Depardon brings country life to Cannes

Third part of "La Vie Moderne" tryptch

CANNES -- Six years after country school portrait "Etre et Avoir" wowed Cannes audiences, veteran agency photographer and documentarian Raymond Depardon is bringing another slice of French rural life to the Croisette.

Un Certain Regard entry "La Vie Moderne" (Modern Life) is the last part in a tryptch of films on peasant life that Depardon has shot over the past decade. The subject sees Depardon, co-counder of the Gamma agency, go back to the roots he walked away from when he left home to find fame as a photographer.

"I was born on a farm," Depardon recounts. "My parents were peasants. I left and traveled all around the world. Then one day I did some photos and showed them to some major American newspapers and I was very touched by their reaction. They said, 'This is your story, it's fantastic, it's quintessentially French.' "

Depardon shot in several low mountainous regions of central and eastern France -- all isolated, wild areas.

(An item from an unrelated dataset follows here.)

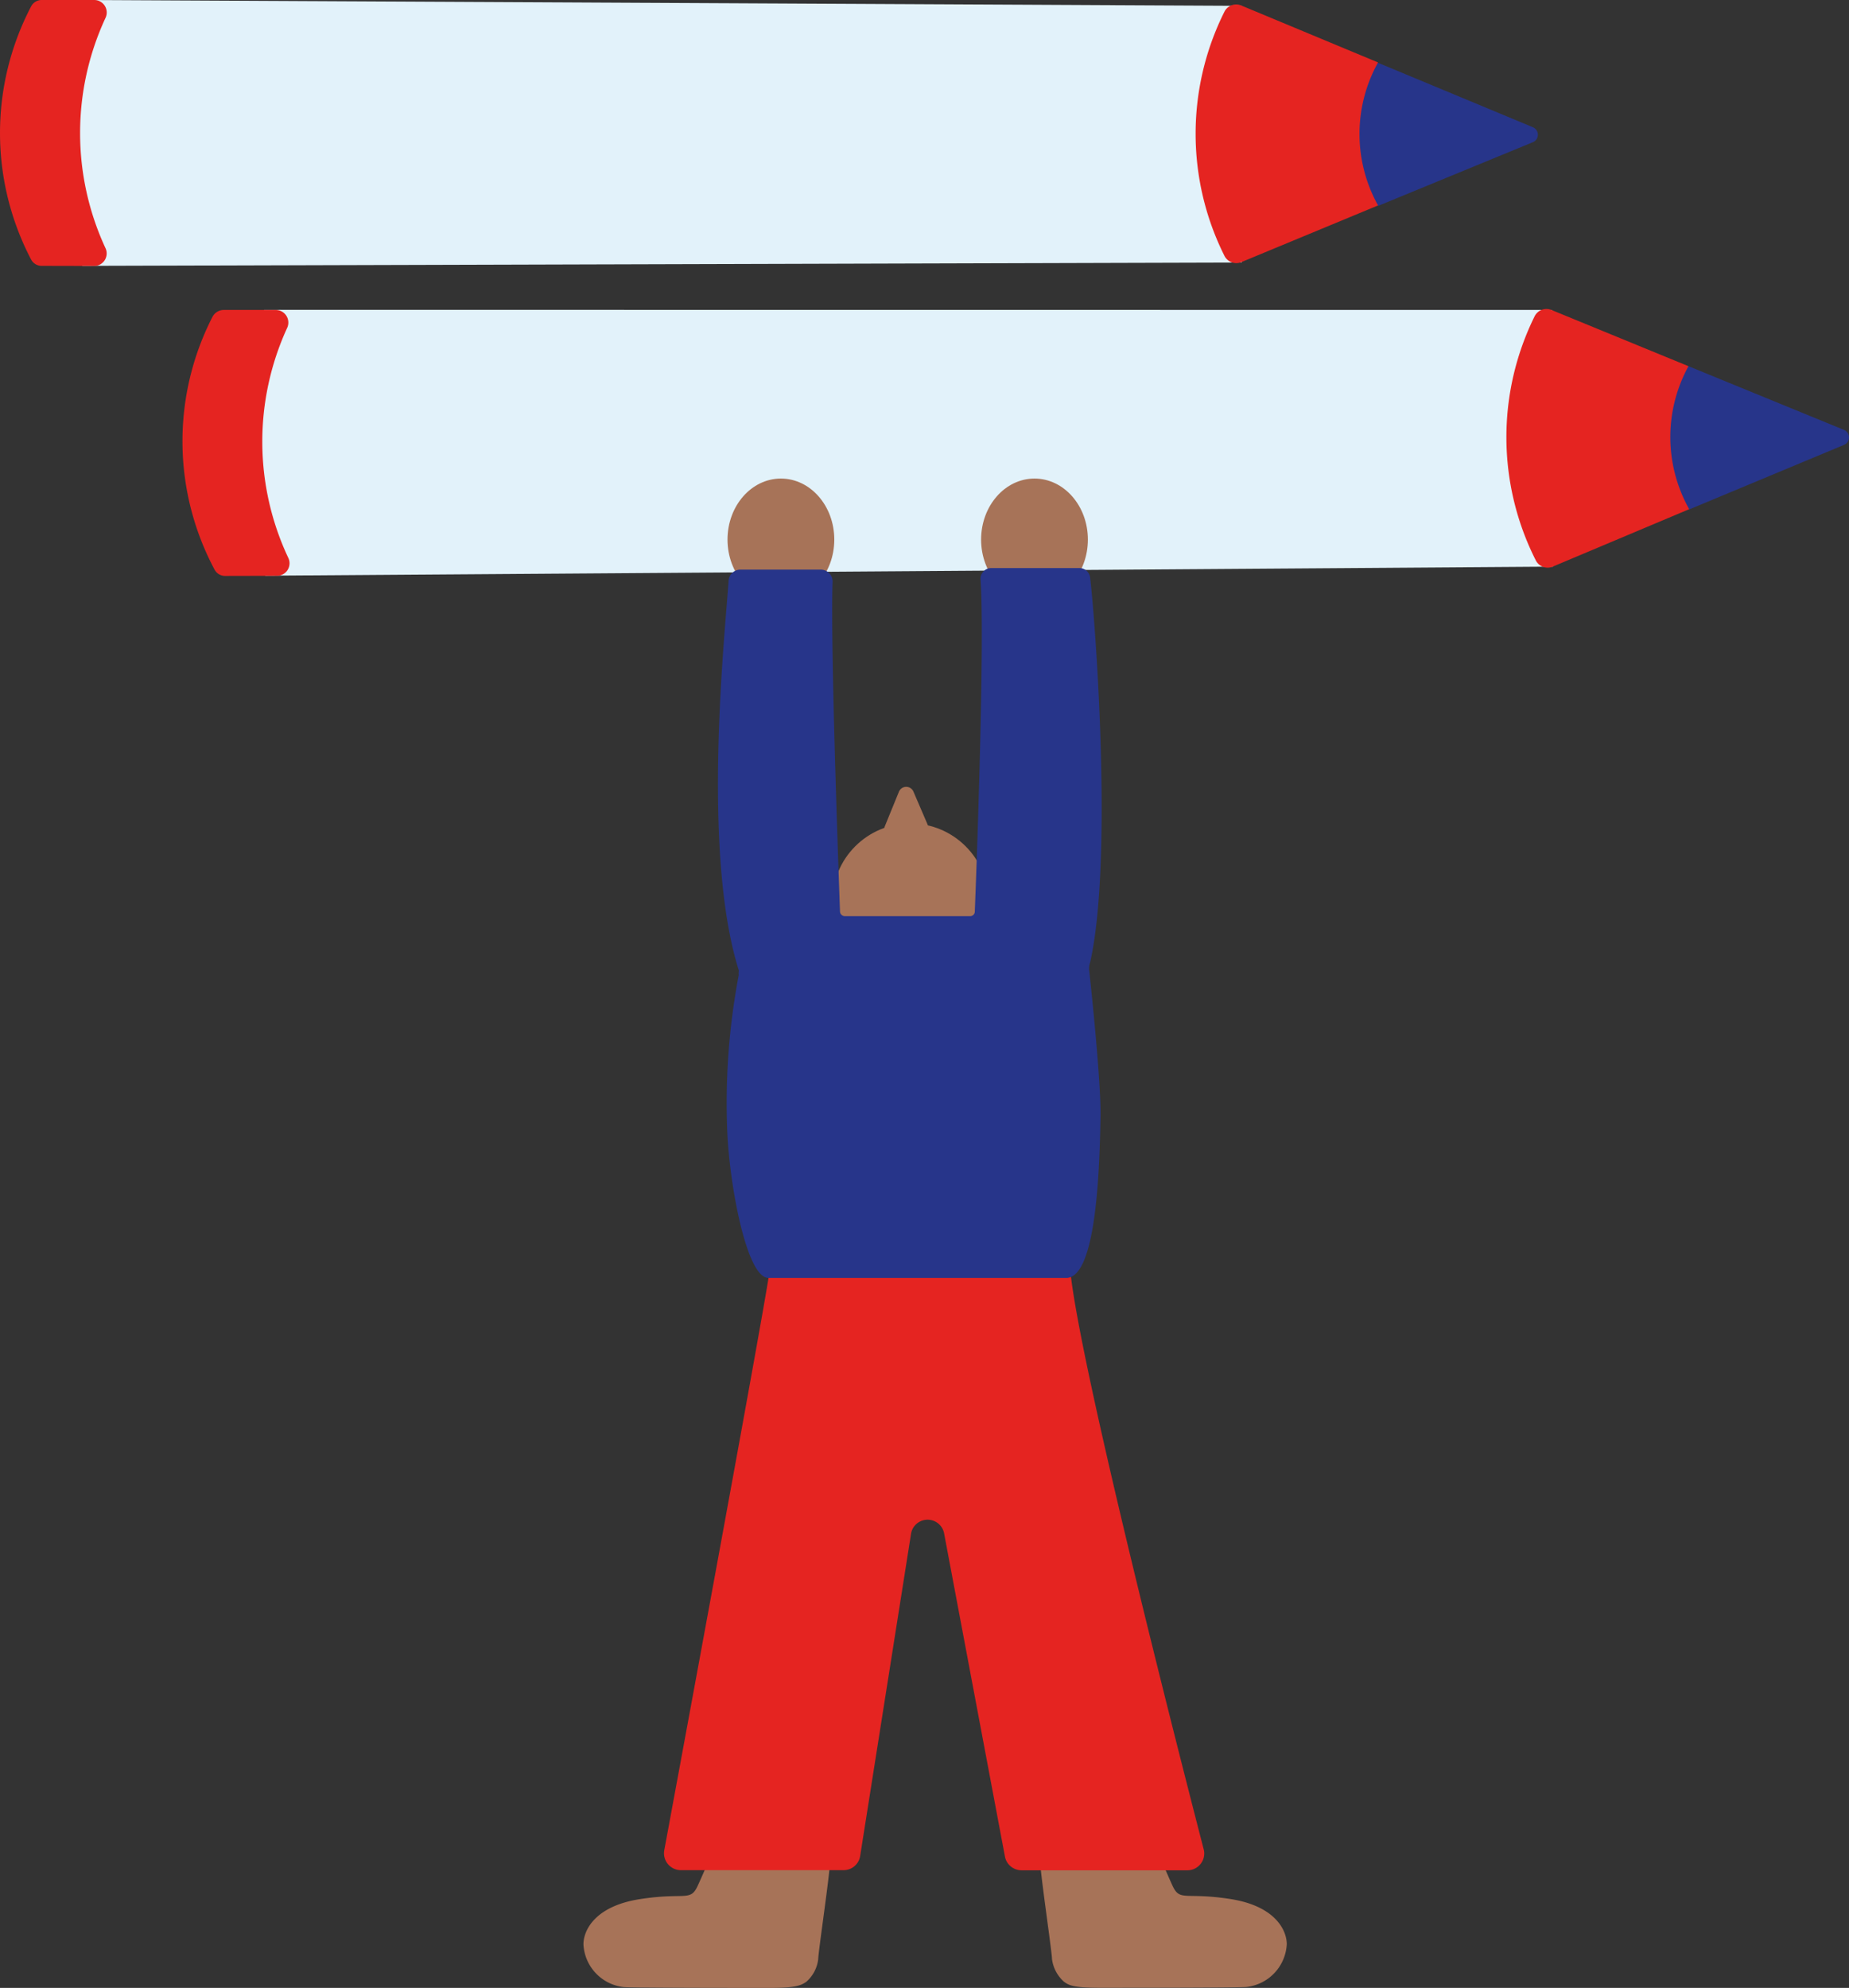 <svg xmlns="http://www.w3.org/2000/svg" viewBox="0 0 155.16 166.82"><rect x="0" y="0" width="155.16" height="166.82" fill="#333333" stroke="none"/><defs><style>.cls-1{fill:#e2f2fa;}.cls-2{fill:#27358a;}.cls-3{fill:#e52421;}.cls-4{fill:#a77358;}</style></defs><g id="Ebene_2" data-name="Ebene 2"><g id="Ebene_1-2" data-name="Ebene 1"><polygon class="cls-1" points="130.22 26.01 22.16 26 16.86 37.64 22.26 48.31 130.33 47.55 132.64 36.63 130.22 26.01"/><path class="cls-2" d="M141.69,30.73l-4.86,5.38,4.92,6.64,13-5.42a.68.68,0,0,0,0-1.25Z"/><path class="cls-3" d="M130.3,47.55a1.11,1.11,0,0,1-1.42-.52,22.9,22.9,0,0,1-.1-20.49,1.11,1.11,0,0,1,1.41-.53l11.5,4.72a12.36,12.36,0,0,0,.06,12Z"/><path class="cls-3" d="M23.25,48.32a1.05,1.05,0,0,0,.94-1.51,22.88,22.88,0,0,1-.09-19.3,1.06,1.06,0,0,0-1-1.5H18.77a1.08,1.08,0,0,0-.93.56A22.89,22.89,0,0,0,18,47.79a1,1,0,0,0,.92.54Z"/><polygon class="cls-1" points="104.19 0.49 6.92 0 1.56 11.61 6.91 22.31 104.19 22.03 106.56 11.12 104.19 0.49"/><path class="cls-2" d="M115.64,5.27l-4.89,5.35,4.89,6.66,13-5.35a.68.68,0,0,0,0-1.25Z"/><path class="cls-3" d="M104.16,22a1.11,1.11,0,0,1-1.41-.53,22.9,22.9,0,0,1,0-20.49,1.1,1.1,0,0,1,1.41-.52l11.48,4.78a12.34,12.34,0,0,0,0,12Z"/><path class="cls-3" d="M7.9,22.32a1.05,1.05,0,0,0,.95-1.5,22.95,22.95,0,0,1,0-19.31A1.05,1.05,0,0,0,7.9,0H3.53A1,1,0,0,0,2.6.56a22.91,22.91,0,0,0,0,21.2,1,1,0,0,0,.93.55Z"/><ellipse class="cls-4" cx="86.81" cy="45.28" rx="4.48" ry="5.12"/><ellipse class="cls-4" cx="65.53" cy="45.28" rx="4.48" ry="5.12"/><path class="cls-4" d="M87.28,156.11c0,1,1,7.71,1,8.3a3.09,3.09,0,0,0,1,1.89c.39.27.68.51,3,.51s11.67,0,12.33-.07a3.81,3.81,0,0,0,3.37-3.59c0-1.15-.94-3.2-4.74-3.79s-4.21.24-4.84-1.1c-.39-.84-1.4-3.21-1.4-3.21Z"/><path class="cls-4" d="M69.66,156.12c0,1-1,7.72-1,8.3a3,3,0,0,1-1,1.89c-.42.28-.81.51-3,.51-2.48,0-11.67,0-12.33-.07a3.8,3.8,0,0,1-3.37-3.59c0-1.15.94-3.2,4.74-3.79s4.21.24,4.84-1.1c.39-.84,1.41-3.21,1.41-3.21Z"/><circle class="cls-4" cx="76.4" cy="75.65" r="6.55"/><path class="cls-4" d="M74.25,69.34l1.18-2.89a.66.66,0,0,1,1.23,0l1.17,2.72a.67.67,0,0,1-.57.93l-2.34.17A.68.68,0,0,1,74.25,69.34Z"/><path class="cls-3" d="M64.59,106.6c-.46,3.41-8.85,48.68-8.85,48.68a1.42,1.42,0,0,0,1.39,1.66H70.79a1.41,1.41,0,0,0,1.38-1.12l4.29-27.17a1.41,1.41,0,0,1,2.76,0l5.12,27.2a1.42,1.42,0,0,0,1.38,1.1H99.64a1.41,1.41,0,0,0,1.38-1.72S89.91,112.5,89.76,105.8"/><path class="cls-2" d="M83.21,47.67H90.6a.91.91,0,0,1,.88.81c.48,4.07,1.91,23.83,0,32.28a1.51,1.51,0,0,0-.07.76s1,9.09.94,12.22c-.08,4.54-.37,13.49-2.87,13.5l-25,0c-1.84,0-3.27-7.88-3.45-12.27a57.5,57.5,0,0,1,.95-13.08.4.4,0,0,0,0-.19L62,81.44c-3.15-10-1.15-28.27-.86-32.71a1,1,0,0,1,1-.93h6.73a1,1,0,0,1,1,1c-.2,5.1.51,24.7.62,27.7a.4.4,0,0,0,.4.38H81.43a.38.38,0,0,0,.37-.37c.12-2.92.86-22.81.48-27.89A.91.91,0,0,1,83.21,47.67Z"/></g></g></svg>

Instead of setting out to capture a dying way of life, Depardon sought to portray people who are resiliently holding out despite their tough existince.

"I said to myself, 'How can one photograph the peasants of today in a modern way without transforming them into nostalgics and things of the past?' " the helmer said. The key to this was taking the time to interact. "Above all, don't show up with a Leica and snap away," he said. "They're convinced you'll sell the shots as postcards. It was in some ways easier as a filmmaker than as a photographer. At one point, I realized that I could talk to them; that I didn't have to stay behind the viewfinder; that I had to remain an individual and never become a machine."

The other rule Depardon learned was not to film these farmers while they were working. "It was better to film them while they're talking," he said. "They're very chatty. It's almost closer to theater, with a whole mise-en-scene. In winter, they spend a lot of time in the kitchen, discussing, listening, observing. Of course, you hear the accents and it can be a bit pittoresque, but nonetheless they always seek le mot juste. There's something deeply French about these peasants, their way of grumbling, always being a bit pessimistic, being wary of showing happiness."

For the third film in his trilogy, pubcaster France Television came on board as a partner, giving the director a more comfortable budget of 1.2 million euros ($1.8 million). "For the first one, people thought I was mad, and now people are interested, so you can see there's been a change in attitude," Depardon said. International sales are handled by Films Distribution.

So does "Modern Life" have the potential to match "Etre et Avoir's" runaway success both on French turf and overseas? "It'd be great to reach such a wide public," Depardon said. "There's a tenderness in the film. You have the true French -- a bit caricatural maybe, but with lots of generosity."